Understanding Myasthenia Gravis Antibodies

Myasthenia gravis (MG) is an autoimmune disorder that affects muscles, causing weakness. This weakness often gets worse as the day goes on. Many people first experience these symptoms in their eyes, or ocular muscles. The weakness may stay localized to only the eyes, or it may progress to affect other muscle groups.1

Like many autoimmune disorders, the symptoms of MG are caused by antibodies. Antibodies are proteins made by the immune system to protect your body.1

They typically recognize foreign substances produced by germs, such as bacteria and viruses. They are created every time we are infected with a virus or bacteria and can help our body fight that same or sometimes similar bug faster if we encounter it again.1

The immune system can make mistakes when creating these antibodies. It can create antibodies that signal the immune system to attack healthy tissue. This is what happens in MG.1

What antibodies are involved?

Research shows that 85 percent of people living with MG have antibodies against acetylcholine (ACh) receptors. About 6 percent of people with MG have antibodies against MuSK. Even fewer have antibodies against LRP4.1

However, there are some people who do not show any antibodies when they are tested. Scientists believe this group may have antibodies to molecules that we have not identified yet.

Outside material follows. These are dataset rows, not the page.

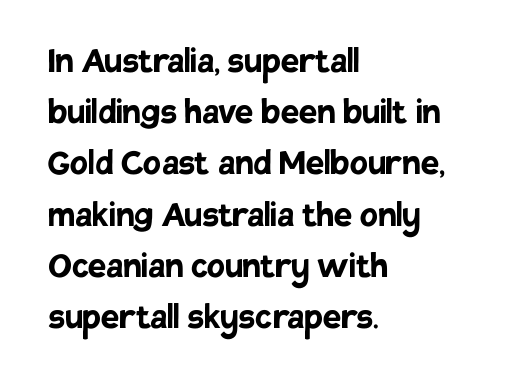
Unlike a traditional serif, this face leaves its strokes unadorned. Characters remain perfectly vertical along every line. Evenly set lines give the paragraph a standard silhouette. The letterforms sit shoulder to shoulder at normal distance.
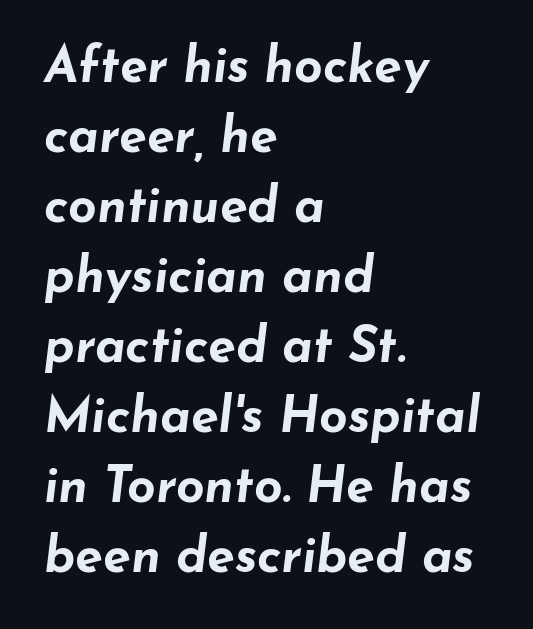
{"italic": "yes", "lean": "right", "slant_degrees": 7, "bold": "yes", "weight": "bold", "width": "wide", "stroke_contrast": "low", "x_height": "small", "monospaced": "no", "underline": "no", "align": "left", "line_spacing": "normal", "line_spacing_ratio": 1.4, "letter_spacing": "normal", "letter_spacing_em": 0.0, "glyph_px": 50}
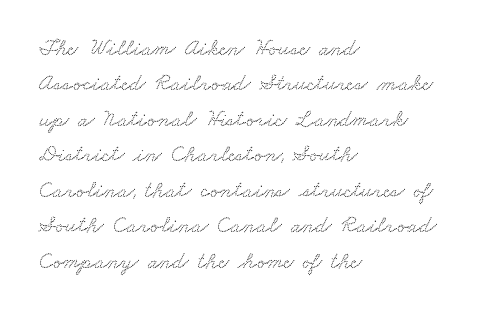
The image shows 23 px text type; set left-aligned, normal line spacing (1.54x), normal letter spacing, not underlined.
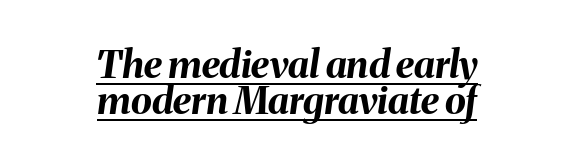
The image shows 38 px bold type, italic (leaning right); set centered, tight line spacing (0.96x), normal letter spacing, underlined; medium stroke contrast and a medium x-height.
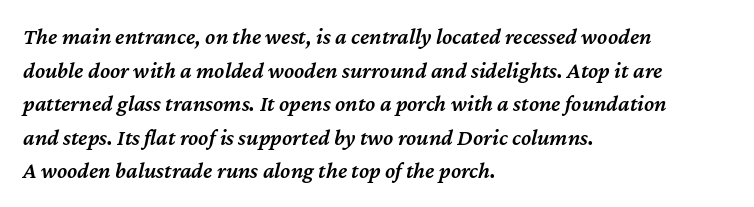
Q: Is the text bold? A: Semi-bold.
Q: Is the text italic (slanted)? A: Yes, it leans right by about 12 degrees.
Q: Is the text underlined? A: No.
Q: How is the paragraph aligned? A: Left-aligned.
Q: Is the spacing between letters normal or unusually wide? A: Normal.
Q: Is the spacing between lines tight, normal or loose? A: Normal.
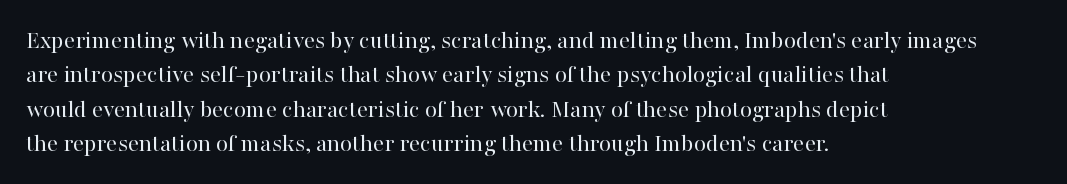
The image shows 25 px text type, upright; set left-aligned, normal line spacing (1.38x), normal letter spacing, not underlined.

In some people, the antibodies that cause MG can be related to a kind of thymus tumor called a thymoma.1

How do they work?

Nerves from the brain send signals to muscles to get them to work. The place where they talk to each other is called the neuromuscular junction. The nerve releases a molecule called ACh. The muscle has ACh receptors that ACh attaches to, causing a signal to the muscle.2

When enough molecules bind to the ACh receptors, the muscle will contract. Both MuSK and LRP4 are proteins involved in this process and required for proper ACh receptor function.2

In MG, the body creates antibodies against 1 of these proteins. In the case of ACh receptor antibodies, there are 2 processes that cause dysfunction of the neuromuscular junction. When the antibody binds to its target on the surface of the muscle cell it:1

  • Causes the ACh receptor to be removed from the surface
  • Triggers an inflammatory immune response that results in damage and destruction of the muscle membrane

What is the result?

Both of these processes result in less ACh receptors on the muscle membrane. This makes it hard for enough ACh molecules to bind to enough ACh receptors on the muscle to trigger a muscle contraction. This causes the muscle weakness that affects those living with MG.1

MuSK and LRP4 proteins are involved in muscle contraction in more complicated ways. They help tell the body where to put ACh receptors on the muscle membrane. However, the immune system can also create antibodies against them.

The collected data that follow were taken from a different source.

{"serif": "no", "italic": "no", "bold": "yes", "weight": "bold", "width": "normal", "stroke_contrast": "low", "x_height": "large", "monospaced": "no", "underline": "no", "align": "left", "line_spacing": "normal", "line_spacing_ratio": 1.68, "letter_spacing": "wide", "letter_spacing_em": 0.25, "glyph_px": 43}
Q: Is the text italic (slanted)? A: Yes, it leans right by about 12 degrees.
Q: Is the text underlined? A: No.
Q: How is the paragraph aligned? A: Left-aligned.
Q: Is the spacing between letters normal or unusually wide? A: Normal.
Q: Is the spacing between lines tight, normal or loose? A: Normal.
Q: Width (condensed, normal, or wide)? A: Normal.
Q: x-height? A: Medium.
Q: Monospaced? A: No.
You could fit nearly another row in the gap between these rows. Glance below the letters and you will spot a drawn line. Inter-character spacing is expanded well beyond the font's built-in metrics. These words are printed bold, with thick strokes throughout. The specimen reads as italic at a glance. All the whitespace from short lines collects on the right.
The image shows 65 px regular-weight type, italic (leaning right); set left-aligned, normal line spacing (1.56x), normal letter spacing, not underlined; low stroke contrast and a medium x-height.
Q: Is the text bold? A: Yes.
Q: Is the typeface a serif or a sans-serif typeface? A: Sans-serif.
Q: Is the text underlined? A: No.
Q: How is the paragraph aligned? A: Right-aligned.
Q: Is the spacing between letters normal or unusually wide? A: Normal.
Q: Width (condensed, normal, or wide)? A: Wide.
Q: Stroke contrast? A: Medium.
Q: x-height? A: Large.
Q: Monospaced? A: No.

When they are targeted by antibodies, the body does not properly organize ACh receptors on the muscle. Without the correct ACh receptor organization, the muscles will not properly respond to nerve ACh signals.2

Impact on treatment

Your doctor may prescribe different treatments according to which antibodies you have.

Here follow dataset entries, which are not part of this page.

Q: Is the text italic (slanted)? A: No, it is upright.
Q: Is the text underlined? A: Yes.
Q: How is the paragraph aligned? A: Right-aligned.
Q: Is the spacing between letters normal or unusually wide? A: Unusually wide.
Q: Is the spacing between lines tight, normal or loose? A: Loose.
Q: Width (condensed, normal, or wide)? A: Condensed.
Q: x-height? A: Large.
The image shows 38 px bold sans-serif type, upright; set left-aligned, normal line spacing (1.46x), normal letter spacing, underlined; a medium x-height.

Pyridostigmine is a common MG drug that increases the amount of ACh in the neuromuscular junction. It works best in people with ACh receptor antibodies. It can also work in those who have MuSK antibodies. However, it is more likely to cause side effects in these people. They may need to be treated with other drugs.3

Doctors often also prescribe drugs that suppress your immune system. These include steroids, azathioprine, and mycophenolate mofetil. These drugs decrease the immune system’s attack of the neuromuscular junction triggered by the antibodies. These drugs often work well regardless of which MG antibodies you have.3

For those with a thymoma, doctors often recommend removing the thymus. This can cure or significantly decrease MG symptoms in some people. Doctors do not recommend removing your thymus if you do not have a thymoma.3

What is next?

Researchers continue to study MG and the antibodies related to MG. They hope to create treatments that are specific to each type of antibody. If you have more questions about your MG antibodies or your MG treatment, speak to your doctor.